Given the tool's complexity, does the description cover enough for an agent to succeed on first attempt?

Given the tool's low complexity (simple read operation), no annotations, no output schema, and high schema coverage, the description is mostly complete. It covers purpose, return type, and parameter guidance, but could improve by mentioning error cases or output structure more explicitly.

Complex tools with many parameters or behaviors need more documentation. Simple tools need less. This dimension scales expectations accordingly.

Parameters3/5

Does the description clarify parameter syntax, constraints, interactions, or defaults beyond what the schema provides?
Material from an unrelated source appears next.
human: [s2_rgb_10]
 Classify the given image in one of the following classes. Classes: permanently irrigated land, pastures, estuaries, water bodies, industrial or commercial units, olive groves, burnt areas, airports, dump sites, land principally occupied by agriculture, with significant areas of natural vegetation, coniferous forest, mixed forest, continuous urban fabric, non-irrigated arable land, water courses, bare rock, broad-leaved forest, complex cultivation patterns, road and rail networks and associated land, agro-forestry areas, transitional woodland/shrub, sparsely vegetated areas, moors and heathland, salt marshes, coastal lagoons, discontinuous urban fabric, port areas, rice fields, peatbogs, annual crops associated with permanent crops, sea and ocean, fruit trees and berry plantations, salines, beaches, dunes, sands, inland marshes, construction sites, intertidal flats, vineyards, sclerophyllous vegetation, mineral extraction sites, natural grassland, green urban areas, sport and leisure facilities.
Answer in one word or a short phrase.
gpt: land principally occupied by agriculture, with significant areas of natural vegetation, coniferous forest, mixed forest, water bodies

Schema description coverage is 100%, so the schema already documents both parameters fully. The description adds minimal value by reiterating the need for at least one parameter, but does not provide additional syntax or format details beyond what the schema specifies, aligning with the baseline for high coverage.

Input schemas describe structure but not intent. Descriptions should explain non-obvious parameter relationships and valid value ranges.

Purpose5/5

Does the description clearly state what the tool does and how it differs from similar tools?

The description clearly states the verb ('Read') and resource ('full contents of a note'), specifying it returns 'markdown content including frontmatter'. It distinguishes from siblings like 'append_to_note' or 'create_note' by focusing solely on reading without modification.

Agents choose between tools based on descriptions. A clear purpose with a specific verb and resource helps agents select the right tool.

Usage Guidelines4/5

Does the description explain when to use this tool, when not to, or what alternatives exist?

It provides explicit usage context by stating 'Provide at least one of 'file' or 'path' to identify the note', which guides parameter selection. However, it does not specify when to use this tool over alternatives like 'read_property' or 'search_vault', leaving some ambiguity in sibling differentiation.

Agents often have multiple tools that could apply. Explicit usage guidance like "use X instead of Y when Z" prevents misuse.